Kenyataannya, dia pasti memarahiku. Dan, itu masuk akal. Aku yakin dia mencoba untuk memperhatikanku, tetapi hanya pria lain yang bisa mengerti betapa tegangnya udara di sekitarku sekarang. Jika aku kembali ke masa lalu aku, aku pasti tidak akan melakukannya.

“Aku tidak…”

“Ah, tidak, jangan khawatir tentang itu. Lagipula ini bukan alasan utama. Hanya saja, sesuatu yang merepotkan terjadi sebelum Ashida mengundangku.”

Natsukawa pasti akan menganggap ini sebagai nilai nominal. Jadi, aku buru-buru memberikan tindak lanjut, tetapi itu terdengar seperti alasan yang lemah. Jika mereka menjaga jarak dariku sekarang karena kebaikan, atau bahkan bertanya kepada aku apa yang terjadi, aku pasti akan mati.

“Hah, benarkah sekarang?” Ashida mengangkat suara seperti dia tidak menyangka akan mendengarnya.

Dia mungkin berpikir bahwa semua kesalahan ada pada mereka. Nah, memikirkannya sebaliknya, selama itu bukan sesuatu yang gila, kesehatan mental aku tidak akan menderita karenanya. Aku bukan kakak laki-laki tanpa alasan. Padahal, sesuatu yang gila yang terjadi ini berdampak besar padaku.

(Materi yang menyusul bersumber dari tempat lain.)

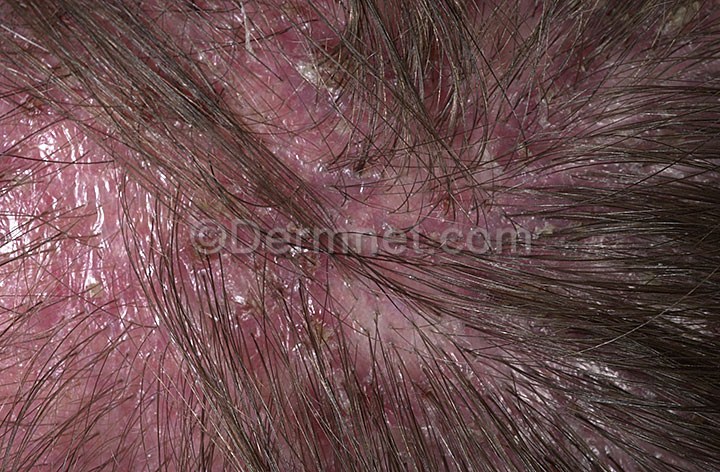
Disease: Hair Loss Photos Alopecia and other Hair Diseases
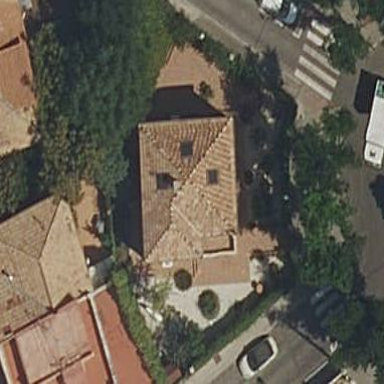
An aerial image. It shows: Simple house.
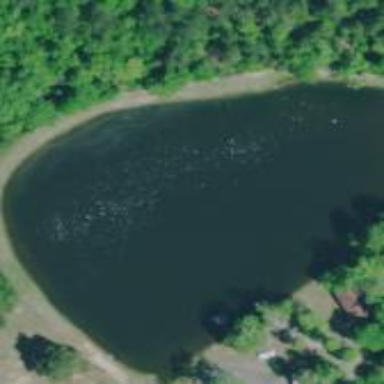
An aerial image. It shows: Lake with natural water.
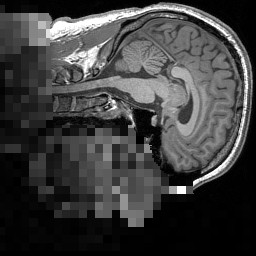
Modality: T1w
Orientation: sagittal
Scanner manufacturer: siemens
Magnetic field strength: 3 T
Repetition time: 1.5 s
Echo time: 0.00291 s
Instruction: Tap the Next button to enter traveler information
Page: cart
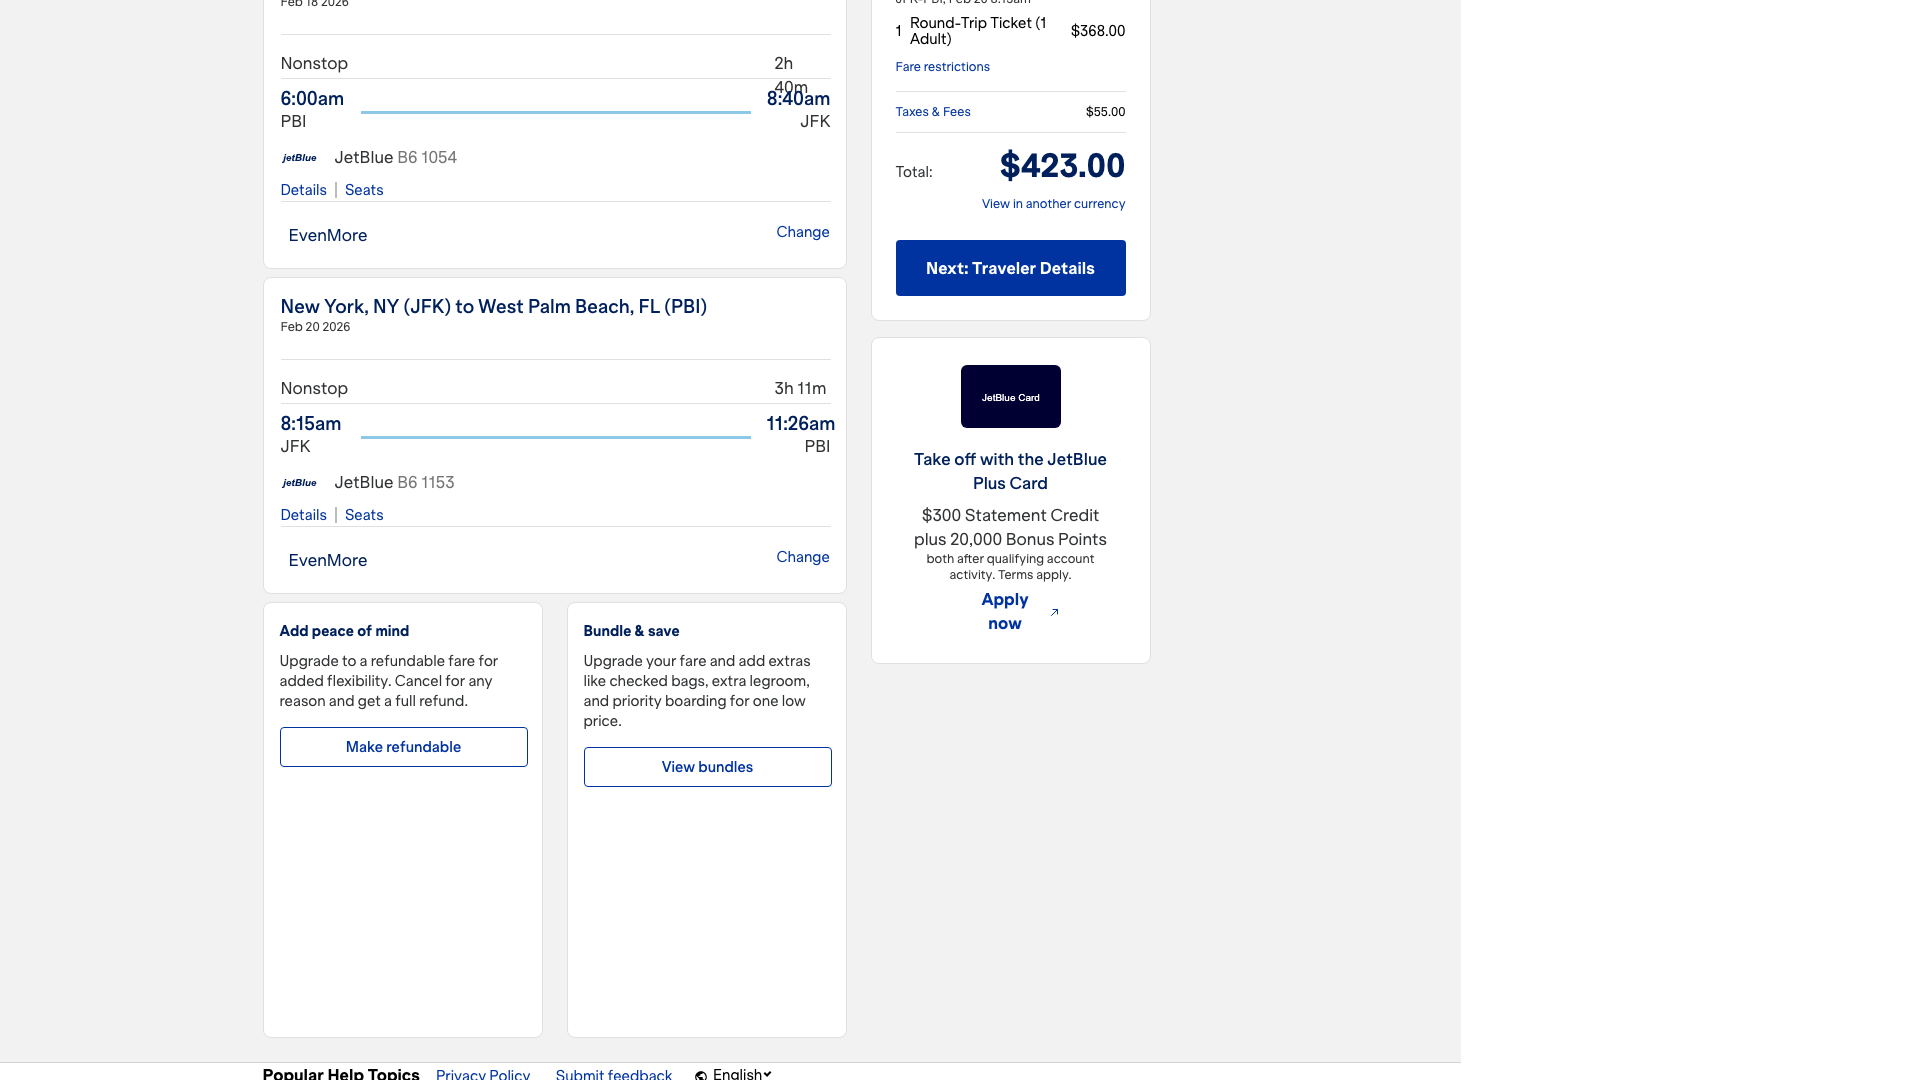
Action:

“Tidak pernah berpikir bahwa Sajocchi akan mengkhawatirkan sesuatu.”

"Tidak ingin mendengar itu darimu, Ashida."

Dia benar-benar tidak segan-segan menghina aku secara tidak langsung. Kamu tidak membantu aku. Dan jangan marah sekarang, aku baru saja mengatakan hal yang sama seperti yang Kamu lakukan. Sebenarnya apa yang Ashida khawatirkan? Nilainya? Mungkin.

"Bahkan aku punya satu atau dua hal yang aku khawatirkan."

"Sebagai contoh?"

"Apakah sesuatu terjadi?"

“Eh…?”

Tunggu, mengapa mereka begitu tertarik? Aku hanya ingin mereka tahu bahwa aku tidak cukup bodoh untuk tidak khawatir tentang apa pun, tetapi aku juga tidak berharap mereka menggigit ini dengan mudah. Aku tidak akan pernah berasumsi bahwa mereka benar-benar tertarik pada aku atau kekhawatiran aku, jadi aku agak terjebak pada kata-kata.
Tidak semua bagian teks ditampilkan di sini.